For the function: \( f(x)=4 x-6 x^{2 / 3} \) on the interval \( [-1,3] \), The absolute min occurs at \( ([?],[]) \) The absolute max occurs at \( ([],[]) \)

To find the absolute minimum and maximum of the function \( f(x) = 4x - 6x^{2/3} \) on the interval \([-1, 3]\), we first determine the critical points by taking the derivative \( f'(x) \) and setting it to zero. The derivative is \( f'(x) = 4 - 4x^{-1/3} \). Setting this equal to zero leads to \( 4 - 4x^{-1/3} = 0 \) or \( x^{-1/3} = 1 \), giving \( x = 1 \) as a critical point.
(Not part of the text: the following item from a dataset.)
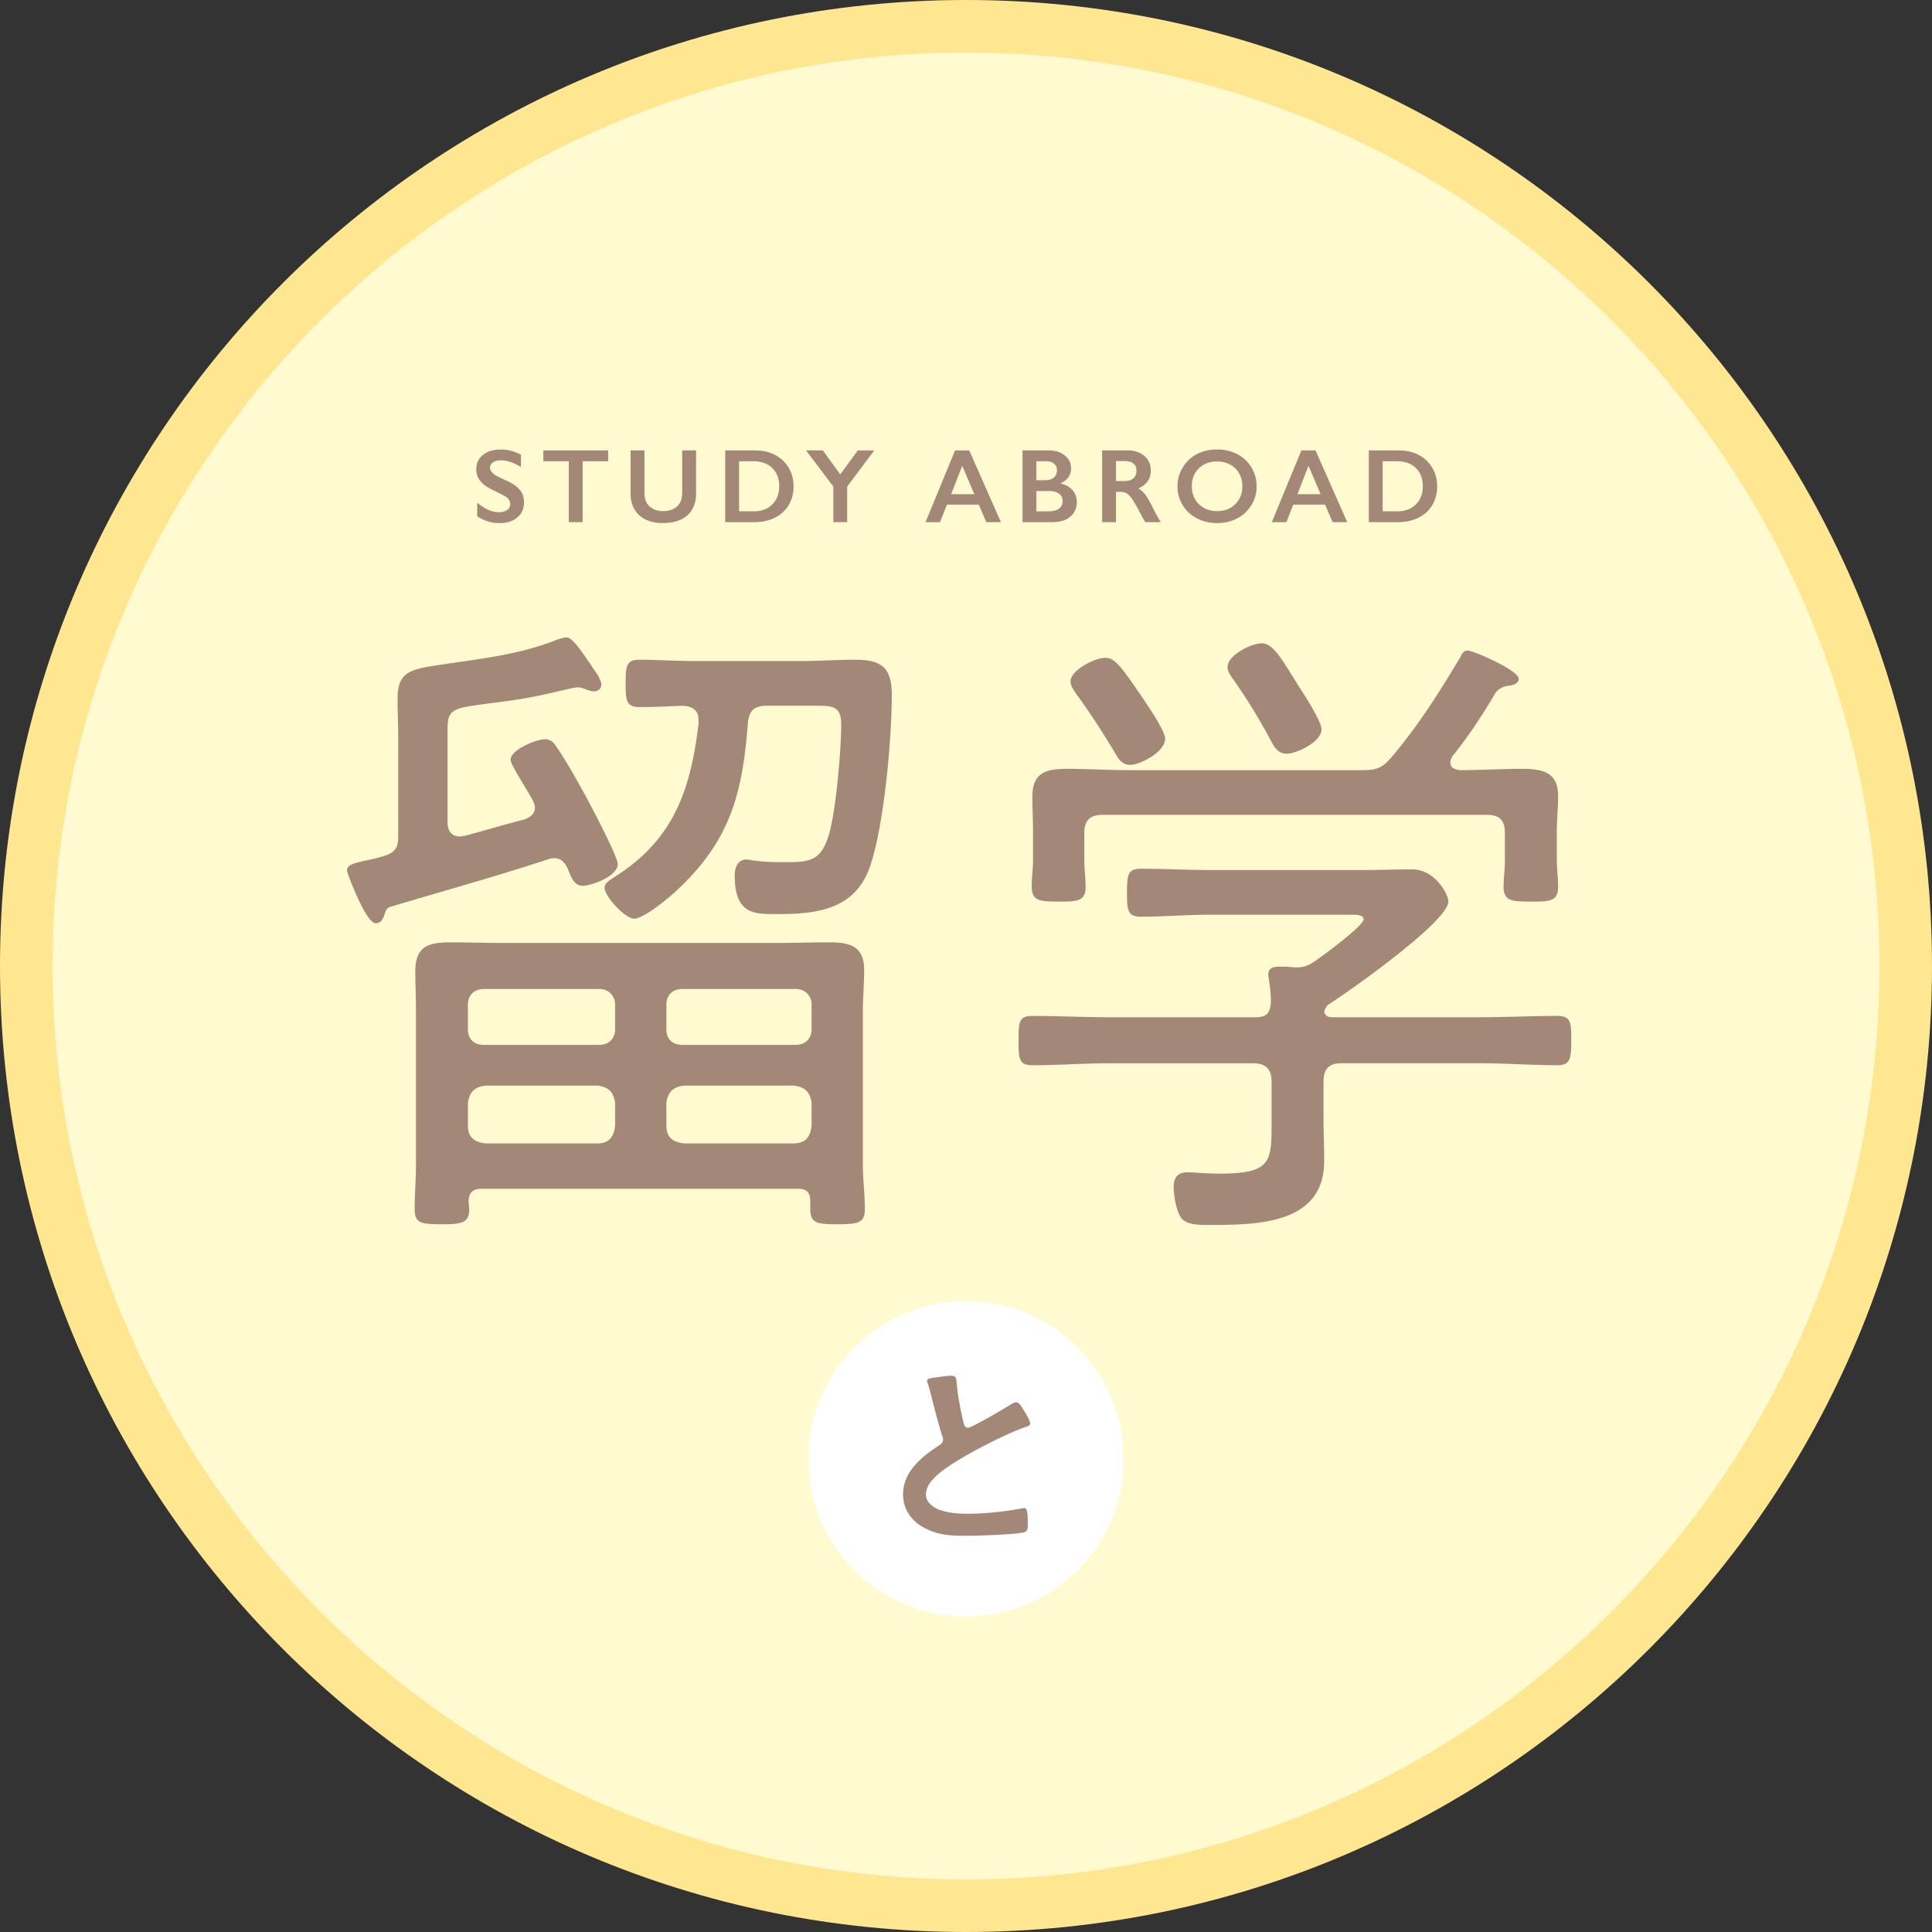<svg id="_レイヤー_2" data-name="レイヤー 2" xmlns="http://www.w3.org/2000/svg" width="147" height="147" viewBox="0 0 147 147"><rect x="0" y="0" width="147" height="147" fill="#333333" stroke="none"/><defs><style>.cls-4{fill:#a48877}</style></defs><g id="_レイヤー_1-2" data-name="レイヤー 1"><circle cx="73.5" cy="73.5" r="71.5" fill="#fffacf"/><path d="M73.5 4C111.822 4 143 35.178 143 73.5S111.822 143 73.5 143 4 111.822 4 73.5 35.178 4 73.5 4m0-4C32.907 0 0 32.907 0 73.5S32.907 147 73.5 147 147 114.093 147 73.5 114.093 0 73.5 0z" fill="#ffe690"/><path class="cls-4" d="M38.102 34.201a3.19 3.19 0 011.535.399v.937c-.566-.341-1.067-.512-1.504-.512-.266 0-.474.052-.623.155a.478.478 0 00-.225.412c0 .206.14.396.418.57.078.052.379.198.902.438.449.21.771.445.97.703s.296.568.296.93c0 .468-.169.847-.506 1.134-.337.288-.774.432-1.31.432-.349 0-.65-.039-.9-.115s-.534-.21-.846-.397v-1.039c.583.484 1.132.727 1.648.727.258 0 .466-.056.625-.168a.519.519 0 00.238-.446c0-.252-.137-.458-.414-.617-.23-.125-.524-.275-.886-.45-.43-.194-.751-.422-.963-.683a1.394 1.394 0 01-.319-.906c0-.458.171-.823.512-1.096.34-.272.792-.408 1.352-.408zm8.168.07v.825h-1.937v4.633h-1.055v-4.633h-1.937v-.825h4.93zm2.767 0v3.176c0 .326.049.585.147.778.097.192.256.351.478.476s.48.188.774.188c.323 0 .596-.06.822-.178.225-.118.39-.28.494-.484.104-.205.156-.488.156-.85V34.27h1.055v3.243c0 .734-.22 1.299-.66 1.693-.44.395-1.063.592-1.867.592-.505 0-.944-.09-1.315-.27s-.654-.44-.85-.779-.292-.739-.292-1.197V34.27h1.058zm8.428 0c.567 0 1.073.116 1.515.348.443.232.787.558 1.032.977.245.42.367.89.367 1.414 0 .534-.123 1.007-.37 1.42-.245.413-.595.732-1.048.959s-.973.34-1.559.34H55.18V34.27h2.285zm-.11 4.633c.583 0 1.052-.175 1.405-.525.352-.35.53-.81.53-1.377 0-.588-.179-1.053-.534-1.395-.356-.34-.834-.511-1.436-.511h-1.086v3.808h1.121zm5.256-4.633l1.32 1.825 1.337-1.825h1.253l-2.062 2.754v2.704h-1.055v-2.711L61.33 34.27h1.281zm11.136 0l2.41 5.458h-1.113l-.566-1.329h-2.426l-.528 1.329H70.42l2.25-5.458h1.078zM72.372 37.6h1.762l-.922-2.16-.84 2.16zm7.428-3.329c.5 0 .908.13 1.223.391.316.26.473.586.473.977 0 .25-.065.47-.197.66a1.34 1.34 0 01-.572.453v.047c.38.086.676.256.888.51.212.254.319.551.319.892a1.433 1.433 0 01-.877 1.348c-.275.12-.599.18-.971.18H77.8V34.27h2zm-.28 2.266c.278 0 .499-.066.66-.2s.242-.317.242-.554a.62.62 0 00-.223-.502c-.148-.123-.344-.185-.586-.185h-.758v1.441h.665zm.246 2.367c.356 0 .626-.067.808-.2.183-.135.274-.332.274-.593a.648.648 0 00-.272-.548c-.18-.135-.424-.202-.728-.202h-.993v1.543h.91zm6.056-4.633c.513 0 .93.143 1.254.426.323.284.485.654.485 1.11 0 .31-.08.58-.24.81s-.398.412-.714.545c.175.094.33.222.465.383.136.162.304.434.504.816.333.662.581 1.118.742 1.368h-1.175a6.42 6.42 0 01-.329-.575c-.301-.58-.523-.972-.664-1.174a1.599 1.599 0 00-.406-.43.807.807 0 00-.45-.126h-.382v2.305h-1.055V34.27h1.965zm-.238 2.329c.276 0 .493-.07.65-.207.158-.138.237-.327.237-.567 0-.25-.078-.437-.235-.56-.156-.124-.379-.186-.668-.186h-.656v1.52h.672zm7.022-2.399a3.28 3.28 0 011.526.35c.452.233.811.569 1.08 1.008.268.439.402.92.402 1.443 0 .51-.13.984-.392 1.42a2.699 2.699 0 01-1.078 1.016 3.26 3.26 0 01-1.545.36c-.566 0-1.08-.121-1.541-.366a2.7 2.7 0 01-1.467-2.43c0-.5.129-.97.387-1.41.257-.44.613-.782 1.066-1.026.453-.243.974-.365 1.562-.365zm-1.925 2.8c0 .363.082.688.246.978s.392.513.685.671c.293.16.624.239.994.239.56 0 1.021-.176 1.381-.528s.541-.804.541-1.359c0-.362-.08-.688-.244-.979a1.689 1.689 0 00-.687-.673c-.296-.16-.628-.239-.998-.239s-.703.08-.998.24-.523.385-.682.672a1.98 1.98 0 00-.238.979zm9.415-2.73l2.41 5.458h-1.113l-.567-1.329H98.4l-.527 1.329h-1.105l2.25-5.458h1.078zM98.72 37.6h1.761l-.921-2.16-.84 2.16zm7.715-3.329c.567 0 1.073.116 1.515.348.443.232.786.558 1.031.977.246.42.368.89.368 1.414 0 .534-.123 1.007-.37 1.42-.246.413-.595.732-1.048.959s-.973.34-1.559.34h-2.223V34.27h2.286zm-.11 4.633c.583 0 1.052-.175 1.404-.525.353-.35.53-.81.53-1.377 0-.588-.178-1.053-.533-1.395-.356-.34-.834-.511-1.436-.511h-1.086v3.808h1.121zM29.25 69.6c-.05.149-.2.649-.65.649-.8 0-2.2-3.9-2.2-4 0-.45.5-.55 1.3-.75.5-.1 1-.2 1.45-.35.85-.25 1.15-.6 1.15-1.45v-7.5c0-1.05-.05-2.051-.05-3.051 0-2.3 1.251-2.25 4.15-2.7 2.75-.4 5.45-.75 8.051-1.8.2-.05.45-.15.65-.15.45 0 1.15 1.05 1.9 2.15.15.25.35.5.5.75.1.2.25.45.25.7 0 .3-.25.5-.55.5-.2 0-.35-.05-.5-.1-.25-.1-.5-.2-.75-.2-.3 0-.95.2-1.25.25-3 .7-3.45.7-6.45 1.1-2.05.3-2.2.55-2.2 2v6.9c0 .6.25 1.1.95 1.1.1 0 .25-.05.35-.05 1.5-.4 3-.85 4.55-1.25.4-.15.8-.4.8-.9 0-.4-.4-.95-.6-1.3-.45-.8-1.25-2-1.25-2.35 0-.75 1.95-1.55 2.6-1.55.45 0 .7.25.9.6.65.9 1.65 2.7 2.2 3.7.4.75 2.45 4.6 2.45 5.2 0 .95-2.05 1.65-2.65 1.65-.7 0-.9-.7-1.15-1.3-.25-.5-.5-.8-1.05-.8-.2 0-.35.05-.5.1-3.95 1.3-7.95 2.4-11.95 3.601-.3.1-.35.3-.451.6zm7.4 20.85c-.649 0-.949.25-1 .9 0 .25.051.45.051.65 0 1.05-.55 1.15-2.1 1.15-1.6 0-2.05-.1-2.05-1.15 0-1.15.1-2.3.1-3.4V77c0-1.05-.05-2.05-.05-3.1 0-1.901 1-2.2 2.65-2.2 1.4 0 2.8.049 4.2.049h20.451c1.35 0 2.75-.05 4.15-.05 1.55 0 2.7.25 2.7 2.1 0 1.05-.1 2.15-.1 3.2V88.6c0 1.1.15 2.25.15 3.4 0 1.05-.5 1.15-2.1 1.15s-2.05-.1-2.05-1.2v-.55c0-.7-.3-.95-.95-.95H36.65zm.15-15.2c-.75 0-1.2.5-1.2 1.2v1.85c0 .75.45 1.2 1.2 1.2h8.802c.7 0 1.2-.45 1.2-1.2v-1.85c0-.7-.5-1.2-1.2-1.2H36.8zM45.452 87c.85 0 1.25-.45 1.35-1.35v-1.7c-.1-.85-.5-1.25-1.35-1.35h-8.5c-.85.1-1.25.5-1.35 1.35v1.7c0 .85.45 1.25 1.35 1.35h8.5zm3.2-33.202c-1 0-1.05-.5-1.05-1.8s.05-1.8 1.05-1.8c1.4 0 2.801.1 4.2.1h8.101c1.35 0 2.75-.1 4.1-.1 2.05 0 2.8.6 2.8 2.7 0 3.35-.6 10.1-1.7 13.15-1.15 3.151-4 3.501-6.95 3.501-1.75 0-3.3.1-3.3-2.95 0-.55.2-1.2.9-1.2.2 0 .55.1.75.1.75.1 1.45.1 2.15.1 1.85 0 2.75-.05 3.35-2.05.55-1.75.95-6.5.95-8.4 0-1.35-.55-1.451-1.8-1.451h-3.85c-.95 0-1.35.35-1.45 1.3-.4 5.3-1.3 8.85-5.25 12.6-.6.601-2.65 2.3-3.4 2.3-.7 0-2.251-1.699-2.251-2.35 0-.4.5-.65.8-.85 4.5-2.85 5.75-6.65 6.35-11.65v-.25c0-.8-.5-1.05-1.199-1.1-1.1.05-2.2.1-3.3.1zm2.05 24.502c0 .75.45 1.2 1.2 1.2h8.65c.7 0 1.2-.45 1.2-1.2v-1.85c0-.7-.5-1.2-1.2-1.2h-8.65c-.75 0-1.2.5-1.2 1.2v1.85zm1.35 4.3c-.85.1-1.25.5-1.35 1.35v1.7c0 .85.45 1.25 1.35 1.35h8.3c.9 0 1.3-.45 1.4-1.35v-1.7c-.1-.85-.5-1.25-1.35-1.35h-8.35zm50-1.7c-.95 0-1.35.45-1.35 1.4v2.75c0 1.1.05 2.2.05 3.3 0 4.8-5.1 4.85-8.65 4.85-.65 0-1.751.05-2.2-.5-.401-.5-.601-1.75-.601-2.4 0-.7.3-1.1 1.05-1.1.5 0 1.5.1 2.45.1 4 0 3.95-.95 3.95-4v-3c0-.95-.45-1.4-1.4-1.4h-10.85c-2 0-3.95.15-5.95.15-1.051 0-1.051-.55-1.051-1.9s0-1.85 1.05-1.85c2 0 3.951.1 5.951.1h11c.85 0 1.15-.3 1.2-1.15 0-.55-.05-1.1-.15-1.65 0-.15-.05-.3-.05-.45 0-.5.4-.6.8-.6s.75 0 1.1.05h.351c.45 0 .8-.15 1.2-.4.6-.4 3.8-2.751 3.8-3.251 0-.4-.7-.35-1.2-.35H92.05c-1.75 0-3.5.15-5.25.15-1 0-1.05-.5-1.05-1.8 0-1.35.05-1.85 1.05-1.85 1.75 0 3.5.1 5.25.1h11.651c1.25 0 2.5-.05 3.75-.05 1.75 0 2.75 1.9 2.75 2.45 0 1.5-7.5 6.8-9 7.75-.25.15-.35.3-.45.65.1.3.3.4.6.4h11.2c2 0 3.95-.1 5.95-.1 1.05 0 1.05.55 1.05 1.85 0 1.35-.05 1.9-1.05 1.9-2 0-3.95-.15-5.95-.15h-10.5zm13.75-22.402c1.55 0 2.75.25 2.75 2.05 0 .9-.099 1.8-.099 2.75v2.15c0 .65.1 1.35.1 2.001 0 1.15-.65 1.15-2.05 1.15-1.35 0-2.1 0-2.1-1.1 0-.7.1-1.35.1-2.05v-2.05c0-1-.4-1.4-1.4-1.4H83.9c-.95 0-1.399.4-1.399 1.4v2.05c0 .6.1 1.4.1 2.05 0 1.1-.7 1.1-2.05 1.1-1.45 0-2.051-.05-2.051-1.15 0-.65.1-1.35.1-2v-2.15c0-.95-.05-1.85-.05-2.7 0-1.85 1.1-2.1 2.65-2.1 1.6 0 3.15.1 4.7.1h17.751c1.051 0 1.501-.15 2.2-.95 2.101-2.5 3.551-4.801 5.202-7.551.15-.25.25-.6.6-.6.45 0 3.9 1.5 3.9 2.15 0 .45-.6.5-.9.55-.35.05-.65.25-.85.5-1 1.7-2.051 3.3-3.301 4.85-.05.15-.15.25-.15.45 0 .45.35.55.75.6 1.55 0 3.151-.1 4.7-.1zm-29.801-.3c-.55 0-.85-.35-1.1-.8-.95-1.6-1.95-3.15-3.05-4.65-.15-.25-.4-.55-.4-.9 0-.85 1.85-1.8 2.65-1.8.75 0 1.3.8 2.8 3 .4.6 1.75 2.55 1.75 3.15 0 1.05-1.95 2-2.65 2zm11.9-.85c-.55 0-.85-.35-1.1-.8-.9-1.7-1.9-3.35-3-4.9-.2-.3-.4-.55-.4-.9 0-.9 1.8-1.8 2.6-1.8.9 0 1.55 1.25 2.9 3.4.4.6 1.65 2.55 1.65 3.15 0 .95-1.9 1.85-2.65 1.85z"/><circle cx="73.5" cy="111" r="12" fill="#fff"/><path class="cls-4" d="M71.576 104.755c.24-.032.512-.08.768-.08.448 0 .417.24.448.608.097.96.272 1.921.497 2.866.048.208.096.48.368.48.288 0 2.849-1.505 3.265-1.777.128-.064.272-.16.416-.16.208 0 .48.48.576.64.129.209.465.753.465.977 0 .16-.177.208-.305.256-1.152.384-2.865 1.248-3.953 1.84-.849.465-2.209 1.249-2.88 1.89-.418.4-.786.832-.786 1.44 0 .576.56.976 1.057 1.152.673.24 1.425.289 2.129.289 1.344 0 2.88-.176 4.177-.417.048-.016.096-.016.145-.016.224 0 .24.657.24.993v.192c0 .416-.016.592-.337.672-.608.16-3.633.256-4.401.256-1.185 0-2.225-.064-3.281-.688-.897-.512-1.473-1.409-1.473-2.465 0-1.745 1.44-2.881 2.768-3.746.16-.112.273-.224.273-.416a.54.54 0 00-.065-.288c-.19-.576-.64-2.273-.8-2.929-.095-.368-.175-.72-.303-1.056-.017-.064-.049-.129-.049-.193 0-.24.528-.24 1.041-.32z"/></g></svg>

We also check the endpoints \( x = -1 \) and \( x = 3 \). Evaluating \( f \) at these points: - \( f(-1) = 4(-1) - 6(-1)^{2/3} = -4 - 6 = -10 \) - \( f(1) = 4(1) - 6(1)^{2/3} = 4 - 6 = -2 \) - \( f(3) = 4(3) - 6(3)^{2/3} = 12 - 6(3) = 12 - 18 = -6 \) Thus, the absolute minimum occurs at \( (-1, -10) \) and the absolute maximum occurs at \( (1, -2) \).